This is one of the best books I've read in a long time and I'm sure I'll be referring to it for many years. It appeals to my natural skepticism, my sense that experts are often wrong and that you shouldn't believe so-called authorities just because they're in charge. The author, Nassim Nicholas Taleb, is a Wharton grad (though a few years before my time).
The basic idea is that our knowledge is divided into observations that fit one of two different worlds. The first he calls Mediocristan, the terrain of the ordinary, the part of the world that conforms to the bell curve. It answers to statistics and knowable probabilities.
The other, Extremistan and its power-law statistics, is quite different. Nothing really changes with scale. The super-wealthy, for example, are orders of magnitude richer than the rest of us; but even among themselves there are exponentially-different levels of wealth. This is far different than the Mediocristan world of, say, height or weight.

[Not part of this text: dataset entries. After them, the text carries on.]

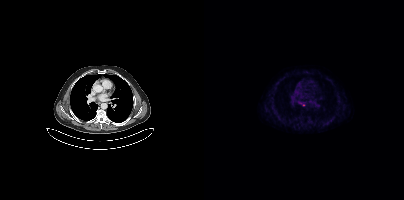
Coordinates are on the 200×200 PET (right) panel. PSMA-avid tumor lesion bounding box (x, y, width, height): x=95 y=102 w=7 h=5.
modality: PSMA PET/CT | tracer: 18F-PSMA | view: axial
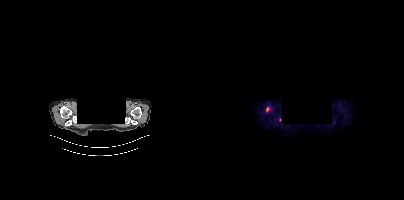
{"modality":"PSMA PET/CT","view":"axial","tracer":"18F","pet_grid":[200,200],"coord_frame":"pet_panel","coord_format":"x0,y0,x1,y1","de-identification":"facial region redacted","lesion_bboxes":[],"small_foci_centers":[[75,119],[63,109]]}
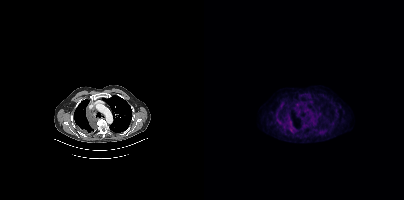
{"modality":"PSMA PET/CT","view":"axial","tracer":"18F-PSMA","pet_grid":[200,200],"coord_frame":"pet_panel","coord_format":"x0,y0,x1,y1","lesion_bboxes":[[83,122,91,131]]}
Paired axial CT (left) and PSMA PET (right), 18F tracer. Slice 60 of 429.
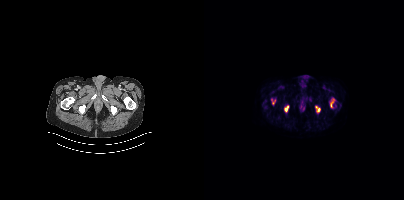
Coordinates are on the 200×200 PET (right) panel. PSMA-avid tumor lesion bounding boxes (x0,y0,x1,y1): [126,99,130,107]; [80,106,84,111]; [111,106,116,111]; [67,99,71,103].
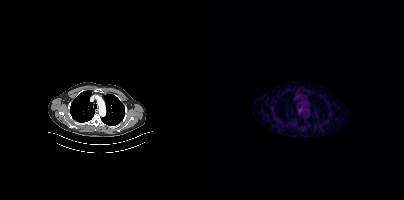
Technique: Left: CT. Right: PSMA PET, same axial level, 68Ga-PSMA tracer. acquired on Siemens Biograph mCT Flow 20. slice position z = -980 mm. PET panel 200×200 px (4.1 mm/px).
Findings: No tumor lesions annotated on this slice.
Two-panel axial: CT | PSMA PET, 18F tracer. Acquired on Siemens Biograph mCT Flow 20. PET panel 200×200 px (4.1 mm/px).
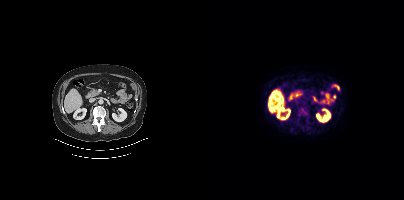
Coordinates are on the 200×200 PET (right) panel. PSMA-avid tumor lesion bounding box (x0, y0)-(x1, y1): (93, 107)-(105, 119). Small PSMA-avid focus (2 to 4 px across) near (center x, center y): (93, 120).
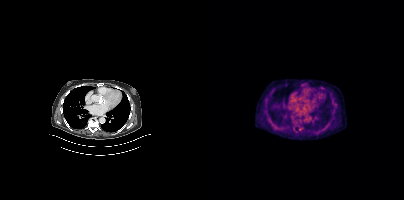
Only PSMA-avid lesion pieces thinner than 2 px on this slice (not listed).
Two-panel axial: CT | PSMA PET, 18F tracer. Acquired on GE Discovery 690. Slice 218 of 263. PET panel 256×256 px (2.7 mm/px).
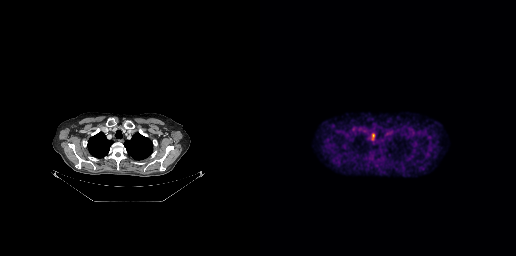
Coordinates are on the 256×256 PET (right) panel. PSMA-avid tumor lesion bounding box (x0, y0)-(x1, y1): (111, 133)-(115, 140).
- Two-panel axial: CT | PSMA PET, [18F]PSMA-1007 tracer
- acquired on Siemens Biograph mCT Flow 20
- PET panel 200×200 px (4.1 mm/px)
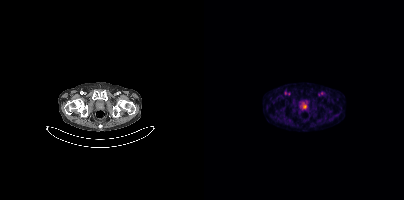
Findings: This slice has no annotated PSMA-avid lesion.
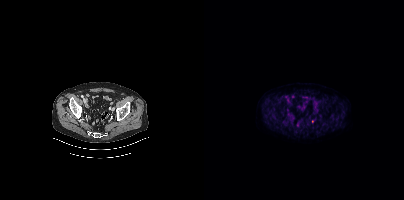
Coordinates are on the 200×200 PET (right) panel. Small PSMA-avid focus (2 to 4 px across) near (center x, center y): (108, 121). Two-panel axial: CT | PSMA PET, [18F]PSMA-1007 tracer. Acquired on Siemens Biograph mCT Flow 20. Slice position z = -1489 mm.
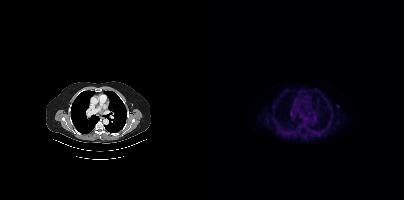
Coordinates are on the 200×200 PET (right) panel. Small PSMA-avid focus (2 to 4 px across) near (center x, center y): (133, 106).
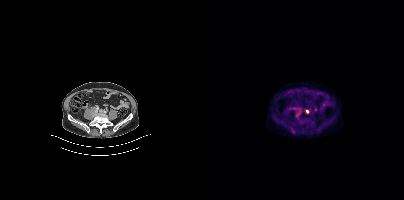
Findings: Coordinates are on the 200×200 PET (right) panel. Small PSMA-avid foci (2 to 4 px across) near (center x, center y): (103, 111) | (89, 131).
- Two-panel axial: CT | PSMA PET, 18F tracer
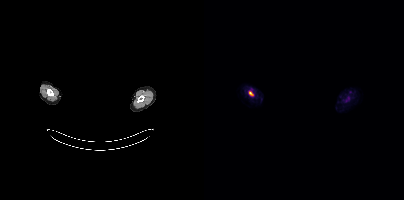
Findings: Coordinates are on the 200×200 PET (right) panel. PSMA-avid tumor lesion bounding box (x0,y0,x1,y1): [45,91,49,95].
- any black rectangle over the head is a privacy mask, not anatomy
- Paired axial CT (left) and PSMA PET (right), 18F-PSMA tracer
- acquired on Siemens Biograph mCT Flow 20
- slice position z = -310 mm
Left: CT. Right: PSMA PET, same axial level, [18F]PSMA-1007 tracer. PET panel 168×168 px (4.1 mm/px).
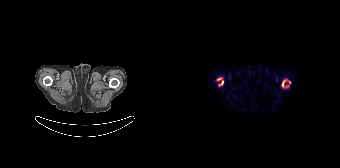
Coordinates are on the 168×168 PET (right) panel. PSMA-avid tumor lesion bounding boxes:
| # | x0 | y0 | x1 | y1 |
|---|---|---|---|---|
| 1 | 109 | 79 | 118 | 87 |
| 2 | 45 | 78 | 51 | 85 |
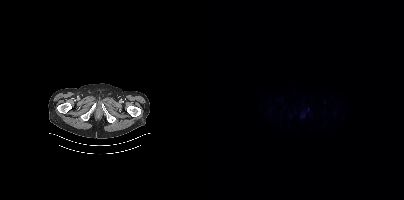
Findings: Negative for PSMA-avid disease on this slice.
- Two-panel axial: CT | PSMA PET, 18F tracer
- acquired on Siemens Biograph mCT Flow 20
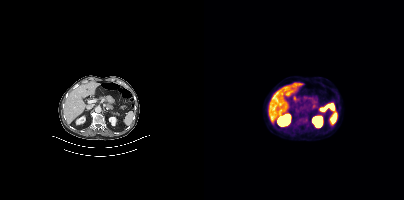
Findings: This slice has no annotated PSMA-avid lesion.
- Left: CT. Right: PSMA PET, same axial level, [18F]PSMA-1007 tracer
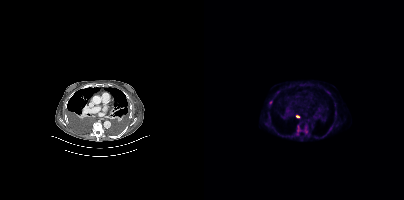
{"modality":"PSMA PET/CT","view":"axial","tracer":"18F","pet_grid":[200,200],"coord_frame":"pet_panel","coord_format":"x0,y0,x1,y1","lesion_bboxes":[[93,125,98,131],[100,129,104,134]],"small_foci_centers":[[66,102],[93,116]]}
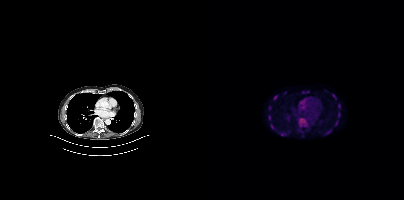
- Paired axial CT (left) and PSMA PET (right), 18F-PSMA tracer
- acquired on Siemens Biograph mCT Flow 20
- slice position z = -431 mm
- PET panel 200×200 px (4.1 mm/px)
Findings: Coordinates are on the 200×200 PET (right) panel. PSMA-avid tumor lesion bounding boxes (x0, y0)-(x1, y1): (134, 112)-(136, 117) / (134, 104)-(136, 108) / (70, 95)-(73, 99) / (129, 94)-(132, 99) / (66, 124)-(69, 128). Small PSMA-avid foci (2 to 4 px across) near (center x, center y): (65, 117) / (65, 107) / (133, 121).
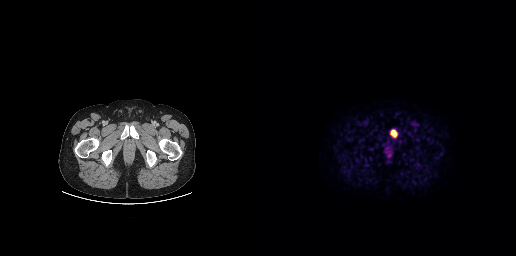
Technique: Two-panel axial: CT | PSMA PET, [18F]PSMA-1007 tracer. slice 37 of 263.
Findings: Coordinates are on the 256×256 PET (right) panel. PSMA-avid tumor lesion bounding box (x0,y0,x1,y1): [130,129,137,137].

The trouble is that the modern world is Extremistan, not the Mediocristan where we humans are well-evolved to understand. In Extremistan, the long tail of observations is thick with outliers, and the seemingly wildly unlikely event is more common than our experience with Mediocristan would indicate. Using Gaussian techniques in a non-Gaussian world, or equilibrium techniques in an (unknown) non-equilibrium world, will lead you to make errors.
In Extremistan ... systems are chaotic, having many variables and/or high degrees of interdependence. Its participants' success are determined by cumulative advantage, and variables change in geometric and/or exponential progression. Uncertainty in these domains often entails "unknown unknowns." Anyone called an "expert" in this field is largely a good bluffer or rhetorician and little better at prediction in these domains than computer models based on single-point, just-prior performance. Some examples include stockbrokers, clinical psychologists, psychiatry, college admissions officers, court judges, and personnel selectors.
Humans are good at working with Mediocristan systems. Extremistan, on the other hand, confounds us. The difficulty arises from several psychological factors.
- Confirmation bias: People seek largely to confirm what they know, i.e. to confirm their model, rather than refute it.
- Silent evidence: Even when looking at the facts, what must be taken into account are the facts that never were but might have been.
- Narrative fallacy: People prefer stories over data, even if the story version is misleading or wrong. This is because stories are easier to store and recall.
- Attraction to platonic simplicity: People prefer the reduced, and simple when reality is rarely so.
- Ludic fallacy: People mistake the (predictable, constrained) model for the real thing, and very often base plans in the world as if it was a simple model.
The most serious effect of our ineptitude with Extremistan is our inability to make predictions in these systems. In such cases, we are subject to being completely caught unawares by factors outside of our expectations and models. He calls such surprises "Black Swans"
Much of the above summary is my paraphrase of an excellent online review, which I post here to help me remember the main points later. But what do I really think?
Well, I apply the same skepticism to his own arguments and there my disappointment is that he cannot accept there are circumstances where statistical reasoning is useful. For example, he explains Microsoft's success over Apple as being a lucky accident, but a careful reader of the history will understand that ease-of-use is not the only way to win in computer operating systems. In other words, from the outside it may appear that the market picked the "wrong" one thanks to bad luck, but in reality there was much less "luck" than it appears. Microsoft "won" by being best at the overall set of things important in operating systems.
I wonder if he's read much of the literature on path dependence: how some ideas, once they catch on, are hard to dislodge and result in sometimes inferior long-term outcomes. People use QWERTY as the best-known example, or VHS vs. Beta -- how supposedly "better" technologies can lose because once something gets started the cost of switching is too great. But the path dependence idea has been well-refuted, I think, by Margolis etc who showed that in fact QWERTY stays with us because it's actually pretty good, and Beta's quality wasn't the kind of advantage that Sony's PR machine wants you to believe. In other words, more often than not, competition among many ideas does bring the best one to the top.
Still, the bottom line is that Taleb is more right than he is wrong, in spite of a few incorrect digressions (like his silly made-up example of Yevgenia Nikolayevna Krasnova). Get ready for me to start quoting this idea regularly.